Гроб с мадам Капо наконец опустили в могилу и засыпали землей, выбраться оттуда невозможно, полемика о том, умерла она или нет, завершилась; проживи мы еще хоть сотню лет, мы больше никогда не увидим, как она выходит на Главную улицу и предлагает грязные услуги своих сыновей, презрительно подразумевая, что в них кто-нибудь нуждается, и воображая, что у каждого жителя Вакханаля такие же мысли, как у нее, пусть себе говорят, можно заполучить Сорвиголову к себе в постель один раз, а не повторять этот фарс семь ночей в неделю, не все же богаты как Крез, губы ее произносили: Доброго дня, но сердце твердило: Идите ко мне, милые денежки, не надо быть психоаналитиком, чтобы об этом догадаться, баба, помешанная на профите, которая никогда не спала ни с одним из своих сыновей, ведь все мальчики хотят переспать с матерью — все, кроме сыновей Капо, которые, впрочем, не брезгуют никем, они знали, что лучше ей воздерживаться, чем выложить хоть один сантим, она мечтала, чтобы ее похоронили вместе с ее капиталами и чтобы те не достались никому, так и было написано в завещании, но Капо выступил против, он не собирался потакать расхитителям могил, при жизни он, пожалуй, даже отправил бы мадам Капо на каторгу, но после ее смерти больше незачем гоношиться — лучше теперь переключить внимание на мадмуазель Робика.
О вкусах и цветах спорят, всегда найдется тот, кто назовет самого красивого паренька на свете страшненьким, но мадмуазель Робика — случай особый, с давних пор все единодушно считали ее безобразной, красота обладает собственным шармом, и в своем положении Робика научилась обходиться без парней, с четырнадцати лет она вкалывала в писчебумажном магазине за нищенскую зарплату, как тупая жертва эксплуатации, при том что этот магазин вряд ли достался бы ей в наследство, Робичиху оставляли одну с утра до вечера и с вечера до утра — чтоб мы так жили.
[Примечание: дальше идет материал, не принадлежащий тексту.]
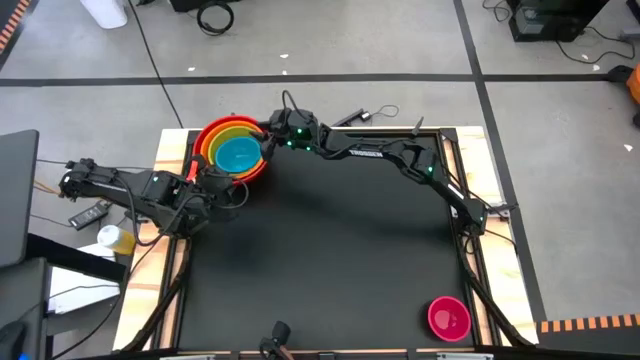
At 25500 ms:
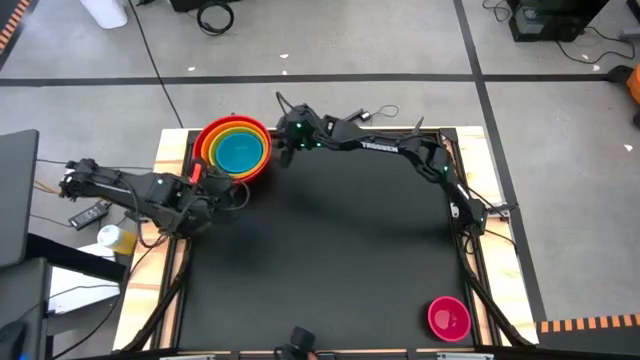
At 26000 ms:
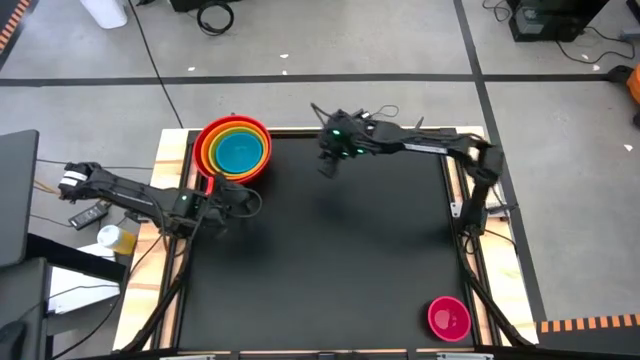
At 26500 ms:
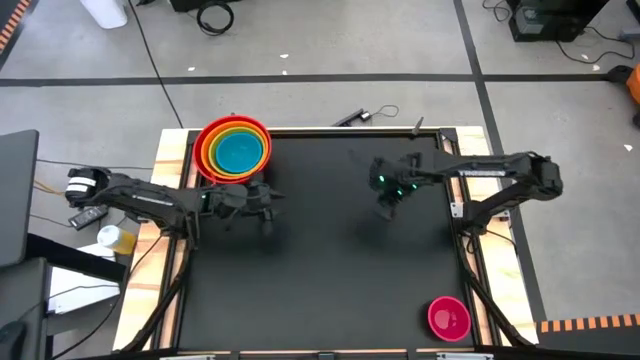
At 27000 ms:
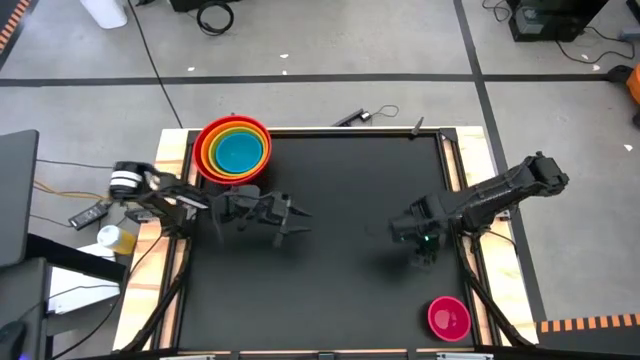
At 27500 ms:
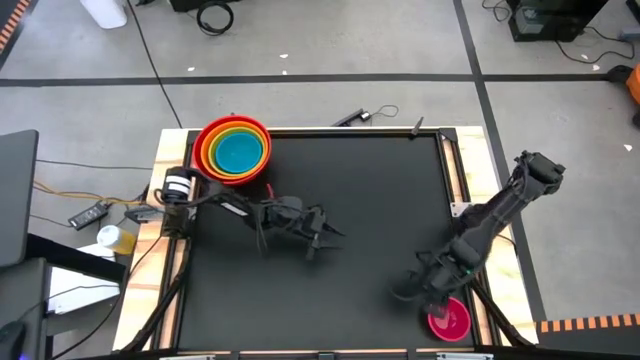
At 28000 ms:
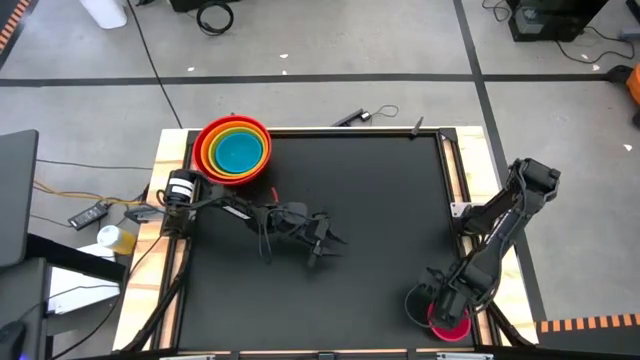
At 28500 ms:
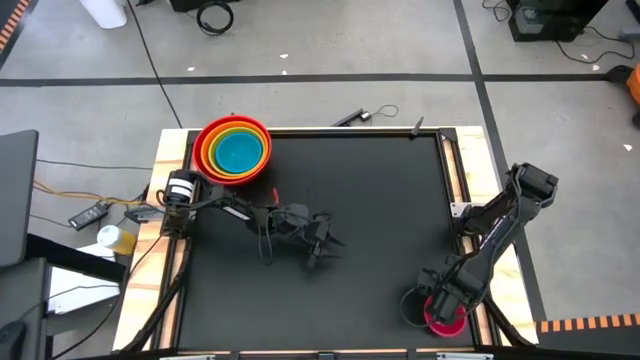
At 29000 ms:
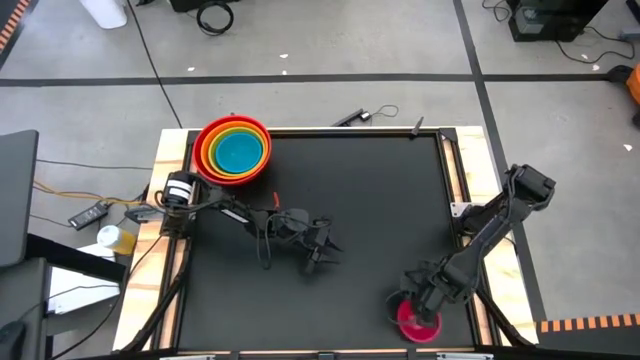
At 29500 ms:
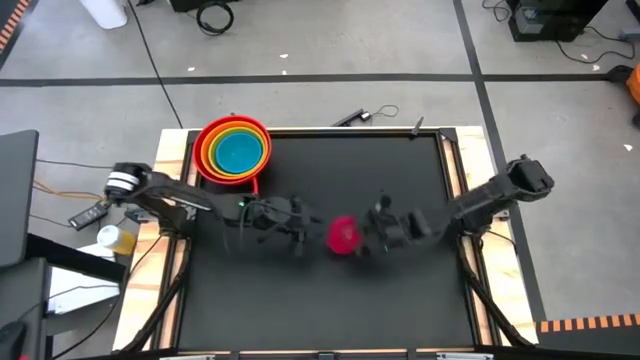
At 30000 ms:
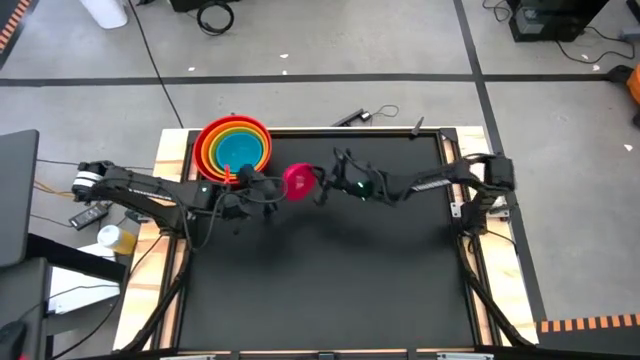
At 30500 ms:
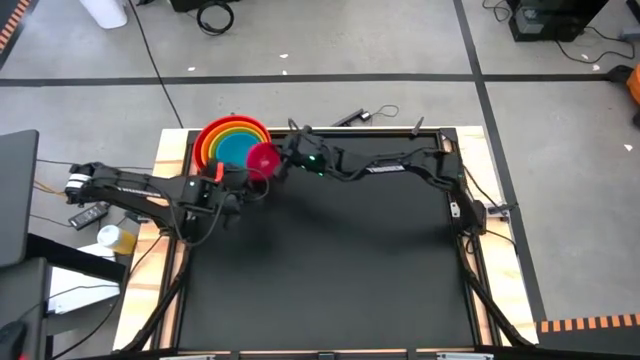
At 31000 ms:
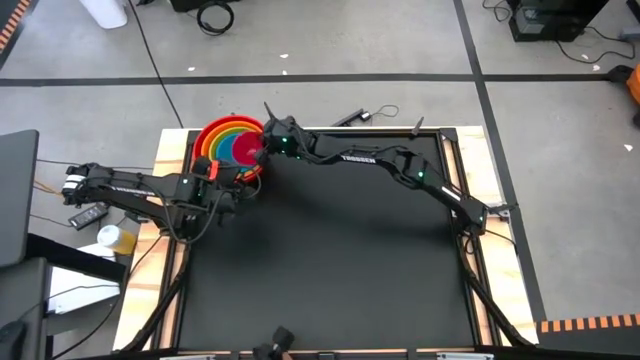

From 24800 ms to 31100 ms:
Stack the pink bowl on top of the blue bowl

Ну и ни в коем разе нельзя было гладить ее по волосам — в ладони оставалась целая пригоршня, Робичиха облысела еще в восемнадцать, но накопила на консультацию у сволоченского специалиста, который сказал, что это пустяки, гормональный дисбаланс или типа того, и выписал лекарство — вонючий лосьон, которым нужно было опрыскивать себя три раза в день, когда она случайно забывала окропиться, все это замечали — от нее по-другому пахло, над ней издевались, но лечение имело громадный успех, хоть и подействовало на все тело сразу, кожа загрубела и покрылась расщелинами, мадмуазель Робика пожаловалась, но сволоченский специалист возразил, что тут уж ничего не поделаешь, это наследственное, легко сказать — попробуй теперь выясни, кем были родители сироты и виноват ли слишком сухой вакханальский климат, а поскольку мадмуазель Робика вообще-то была ужасно рада, что у нее снова отросли волосы, и отстаивала свои права чисто для вида, рассчитывая получить в будущем скидку, то больше ничего не оставалось, пришлось переплатить, но домой она вернулась удовлетворенная, потом доктор Скот уверял, что, обратись она к нему, он сумел бы ограничить действие поверхностью головы, однако доктор блефовал, потому что во время этих событий еще не занимался практикой, а только учился на врача, так что не было и речи о том, чтобы кого-нибудь лечить, а если, несмотря ни на что, он кого-то и лечил, то только не мадмуазель Робика, которая была для него бедновата, а если бы даже он ее лечил, то уж точно не вылечил бы, ведь это же бездарь, которая ни разу никого не вылечила, простой сельский врач, сидящий на шее у больных и ни в чем толком не разбирающийся, дети у него жирные и от лекарств для похудения, которыми он их пичкает, только еще больше жирнеют, такой папочка вечно весь на нервах — клиенты желают ему поскорее загнуться от рака.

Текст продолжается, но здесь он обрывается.